As a prelude of this ambitious programme, a new combined civil services training programme was started on 31 October 2019 from Kevadia, where the world’s tallest statute, Statue of Unity, is located.

It is made in the likeness of “Sardar" Vallabhbhai Patel, India’s first Home Minister and Deputy Prime Minister, who is the “father” of the post-Independence Indian Administrative Service.

Serving the nation

The venue was meant to inspire officer cadets of India’s “iron frame” to serve the country. Called ‘Aarambh’ (which means commencement), the common foundation course had over 450 officer probationers in attendance, with the Prime Minister himself opening the course and addressing them.

At the behest of the current Director of the Lal Bahadur Shastri National Academy of Administration (LBSNAA), Dr Sanjeev Chopra, I was fortunate to be among the invitees and experts.

Again, at a recent brainstorming meeting in which I was privileged to participate, the seriousness of intent of the government in fostering a new kind of culturally rooted and service-oriented leadership was amply evident.

In fact, an Indian leadership institute, not confined only to government servants, but cutting across all walks of life and productive areas of society was thought to be the need of the hour. It was felt that only an integrated and visionary model of leadership would serve the transformation and aspirational needs of a growing economy and resurgent civilisation such as India.

However, what was once again amply clear is that without deep thinking and research on Indian models of leadership little real progress would be possible on this front.

The many drawbacks if not defects of the current system, which emphasises careers rather than creativity, rules rather than roles, security rather than service, silo-confinement rather than silo-breaking cooperation, were obvious.

Passing exams, then leading a somewhat comfortable life — which is the present predominant culture of the services — must also be interrogated and altered. But how? What motivational and administrative measures might be taken to create a breakthrough? There are no definite answers to these questions.

Knowledge down the ages

Some years ago in discussions on Indian leadership, I came across an interesting distinction between the Yogi and the Conquistador. The latter excels in invasion, occupation, domination, and conquest. The former, on the other hand, tries to acquire self-mastery and then uses his wisdom to serve society.

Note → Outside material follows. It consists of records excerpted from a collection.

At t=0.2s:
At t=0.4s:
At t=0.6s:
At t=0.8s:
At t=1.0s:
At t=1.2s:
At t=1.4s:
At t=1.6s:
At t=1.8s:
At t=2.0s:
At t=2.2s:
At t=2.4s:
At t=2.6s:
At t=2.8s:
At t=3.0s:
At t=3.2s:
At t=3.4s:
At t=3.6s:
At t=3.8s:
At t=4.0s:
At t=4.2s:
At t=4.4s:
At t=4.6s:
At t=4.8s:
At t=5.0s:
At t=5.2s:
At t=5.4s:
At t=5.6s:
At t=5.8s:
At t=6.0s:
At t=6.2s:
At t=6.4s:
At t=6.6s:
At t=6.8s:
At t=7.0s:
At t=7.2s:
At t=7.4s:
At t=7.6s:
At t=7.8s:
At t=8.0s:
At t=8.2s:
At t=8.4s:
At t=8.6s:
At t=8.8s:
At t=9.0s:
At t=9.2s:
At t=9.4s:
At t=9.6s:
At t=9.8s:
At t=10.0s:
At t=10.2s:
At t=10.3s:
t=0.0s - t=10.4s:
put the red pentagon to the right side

The contrast goes way back to the encounter between Alexander the Great and the Indian sage cited in Plutarch’s Lives of Noble Grecians and Romans (CE 45). In fact, Kalanus, the Yogi, came to be so-called by the Greeks because he greeted everyone with ‘Kalyan Bhav,’ constantly blessing them and wishing them well.

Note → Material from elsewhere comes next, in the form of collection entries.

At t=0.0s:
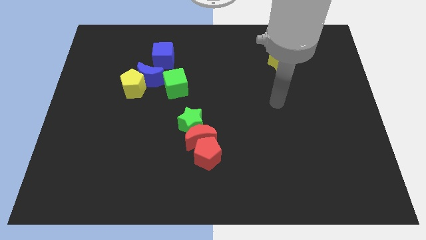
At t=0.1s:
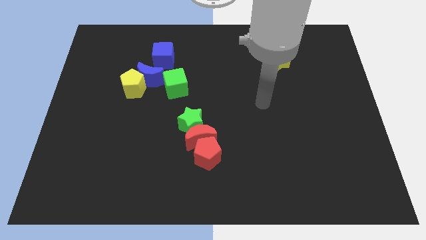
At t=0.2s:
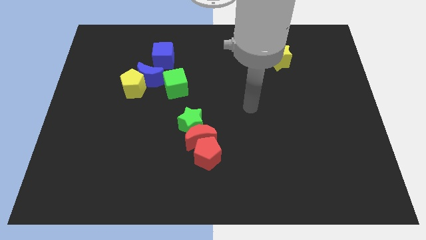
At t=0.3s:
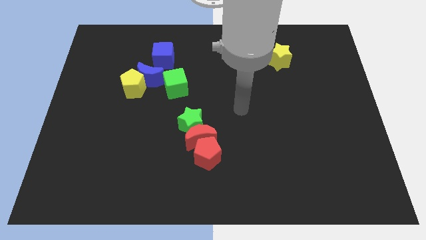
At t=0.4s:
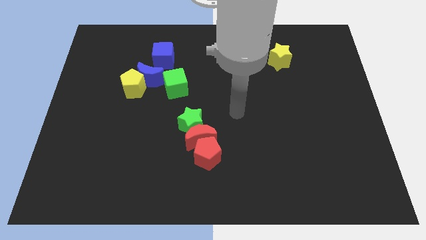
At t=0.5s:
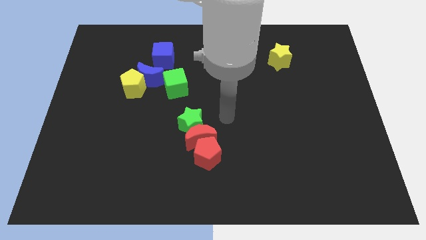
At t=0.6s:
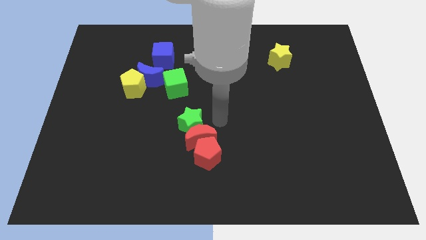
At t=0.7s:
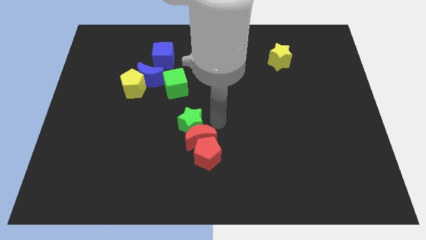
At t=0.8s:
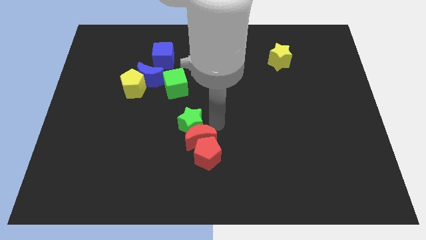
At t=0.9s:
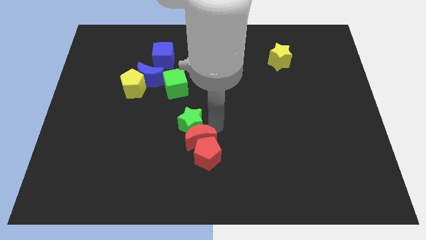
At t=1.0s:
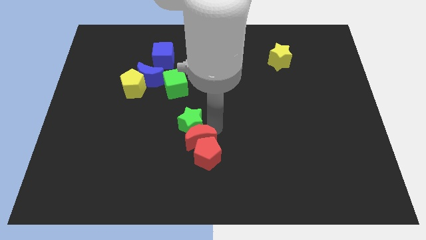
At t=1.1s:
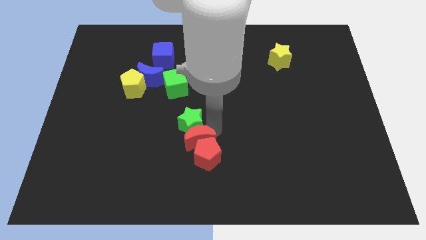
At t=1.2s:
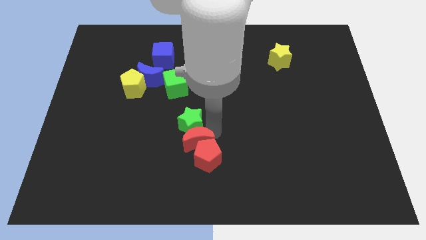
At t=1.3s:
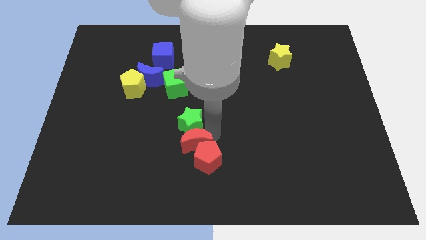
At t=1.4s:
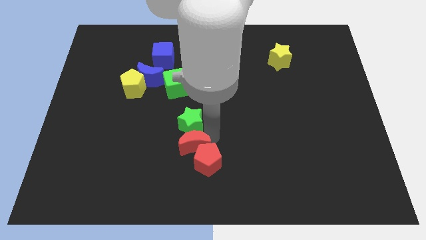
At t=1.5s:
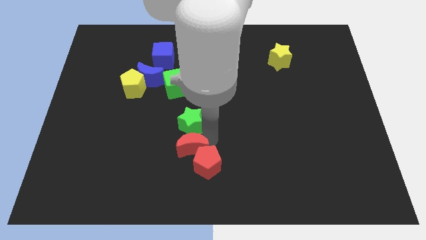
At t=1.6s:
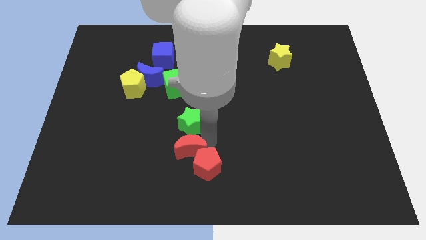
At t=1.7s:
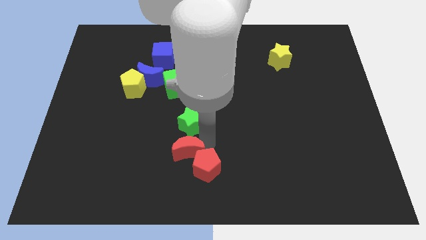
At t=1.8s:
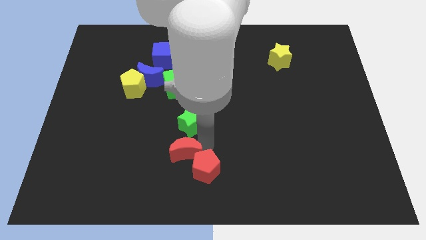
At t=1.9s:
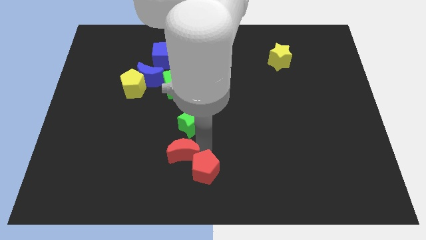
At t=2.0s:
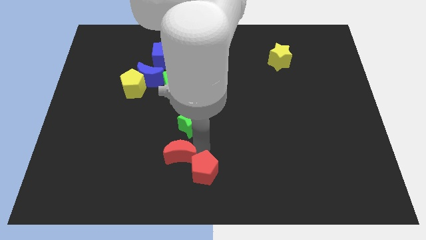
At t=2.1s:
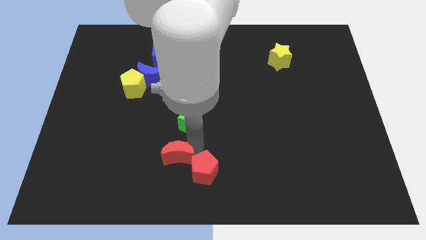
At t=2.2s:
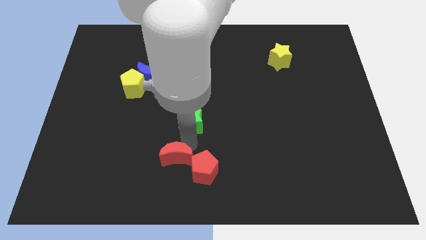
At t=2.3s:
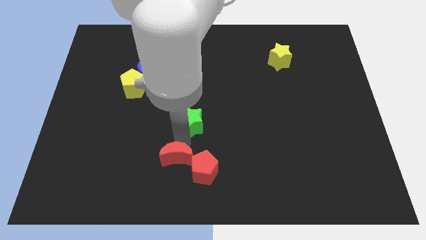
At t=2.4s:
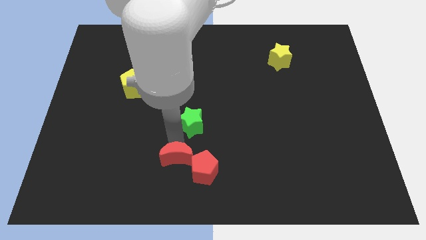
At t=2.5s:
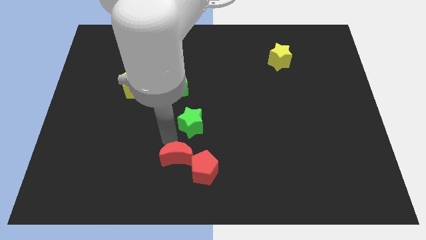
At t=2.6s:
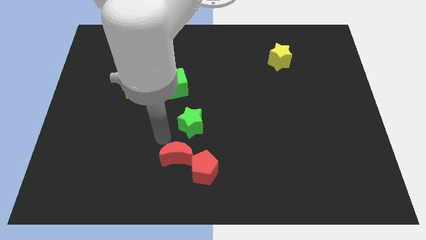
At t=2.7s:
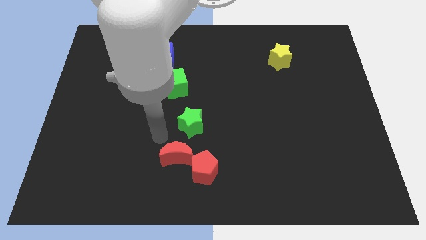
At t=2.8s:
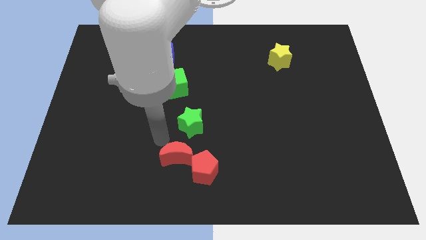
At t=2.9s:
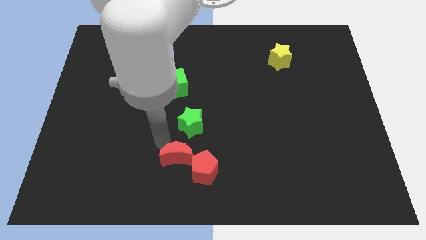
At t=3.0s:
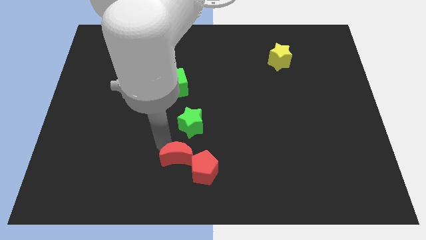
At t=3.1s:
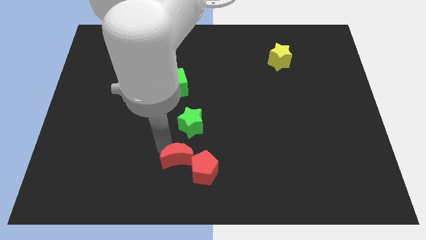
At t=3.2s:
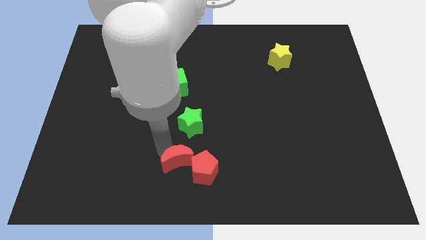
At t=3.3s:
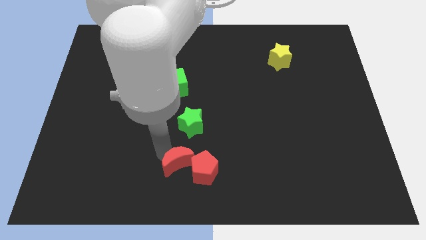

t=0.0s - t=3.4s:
move the red moon to the bottom

According to another writer of great antiquity, Arrian (VII. I. 5 — iii.), Yogi Dandamuni taught Alexander by stamping the ground without saying a word.

When asked the meaning, an interpreter explained, ‘O King Alexander, each man possesses as much of the earth as what we have stepped on; but you, being a man like the rest of us, except that you wickedly disturb the peace of the world, have come so far from home to plague yourself and everyone else, and yet before long when you die you will possess just so much of the earth as will suffice to make a grave to cover your bones.’ The prophecy seems to have come true because Alexander died soon after, at the tender age of 33.

In the 20th century, it was Arthur Koestler who offered a way to understand the difference in Western and Indian leadership models in The Yogi and the Commissar (1945). He ranged the Commissar at the material, scientific end of the leadership spectrum, while the Yogi is at the other spiritual and metaphysical end.

But, as I have tried to demonstrate in my book, Swami Vivekananda (HarperCollins, 2020), the real model of Indian leadership comes from combining and integrating these two ends, the material and the spiritual, the scientific and the mystical, to transform society and the world.